Ser caníbal en el paleolítico tenía pocas ventajas

Una investigación muestra que, para nuestros antepasados, comer humanos no era una solución para evitar el hambre. Servía más como una forma de control social.

El consumo de carne humana por nuestros antepasados paleolíticos no tiene relación directa con la falta de alimento. Aunque el hambre hiciera al hombre primitivo ver en sus semejantes una salida para cubrir su cuota diaria de proteínas, el esfuerzo que suponía no compensaría el retorno nutricional. Es lo que afirma un estudio realizado en la Universidad de Brighton, en el reino unido, y publicado en la revista científica Science Reports.

Un hombre adulto de 66 kg podría proporcionar alrededor de 144.000 calorías. El problema que sólo alrededor de 32.000 de ellas están en las partes más, digamos, comestibles. Este total corresponde a la energía proporcionada por los músculos alrededor de los huesos, partes que probablemente serían las más cotizadas en un banquete caníbal.

Al derribar un antílope o un jabalí, por ejemplo, se obtendría el mismo aumento energético, con la ventaja de que estas “delicias” serían mucho más fáciles de obtener. Y además del antílope o del jabalí, existían otras opciones de animales en la época que podrían suponer una alternativa respecto a la dificultad de ser cazados y la energía que proporciona su ingesta. Según el estudio, la carne de un caballo, por ejemplo, sería una ganancia nutricional de unas 200.000 calorías. Los más atrevidos se podrían arriesgar en “batallas” aún más rentables, como la de los osos (600.000 calorías) o mamuts, cuya carne sería suficiente para alimentar a 25 hombres durante todo un mes.

El problema de las presas humanas en comparación con estos animales es que antes de convertirse en la cena de algún cavernoso, ofrecerían resistencia aún mayor, lo que implica, por sí solo, en un enorme gasto de energía y un mayor riesgo.

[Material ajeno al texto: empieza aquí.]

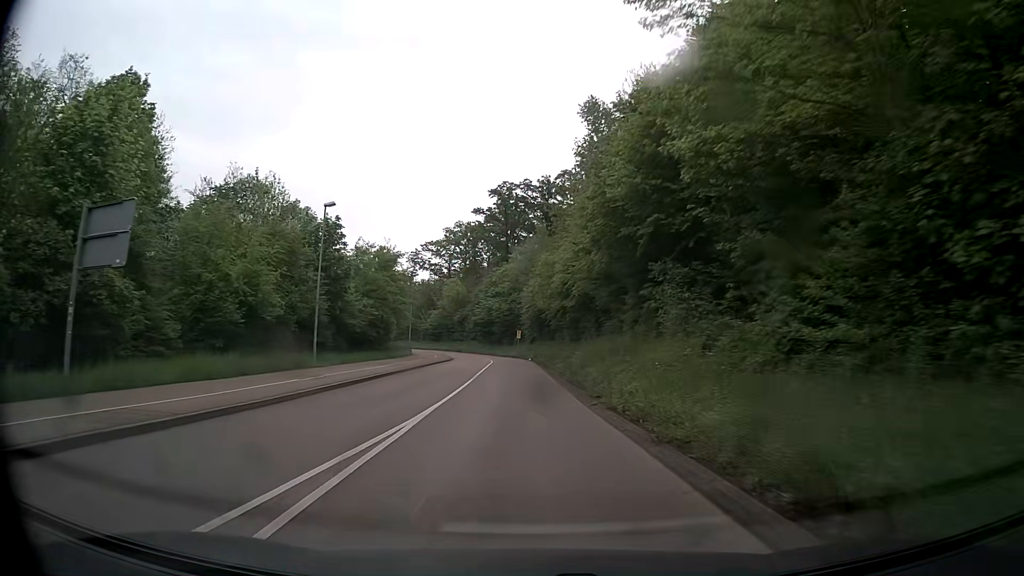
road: secondary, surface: asphalt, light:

En caso de que tuviera éxito la lucha cuerpo a cuerpo, al mejor estilo salvaje, el ganador obtendría para sí suministros que no le durarían por norma más de una semana. Este esfuerzo, según James Cole, arqueólogo responsable del estudio, no justificaría el canibalismo. “Tendrías que desplegar una trampa para cazar estas presas, que no te estarían esperando tranquilamente a que las pinches con una lanza”, dijo en una entrevista con la National Geographic.

Pintura del Paleolítico

Pintura del Paleolítico

Sin embargo, la práctica ha existido. Hay evidencias encontradas en las excavaciones analizadas por el estudio que permiten señalar que, sin duda, los homínidos más antiguos se alimentaban de sus semejantes hace por lo menos medio millón de años.

La hipótesis más aceptada, incluso debatida por estudios anteriores, es que la práctica de comer carne humana era cultural e integraba rituales comunes realizados entre grupos de la época. Cole, sin embargo, sugiere que el canibalismo del período paleolítico había tenido un componente más social, y menos ritualístico, es decir, como si de una colección de huesos dentro de una cueva pudiera servir de advertencia a otros que estuvieran con ganas de buscar problemas. “Podría ser algo como: ‘Este es nuestro territorio, estas personas eran invasoras, y no nos respetaron. De esta manera resolvemos aquí estos problemas'”, explicó en una entrevista al sitio Motherboard.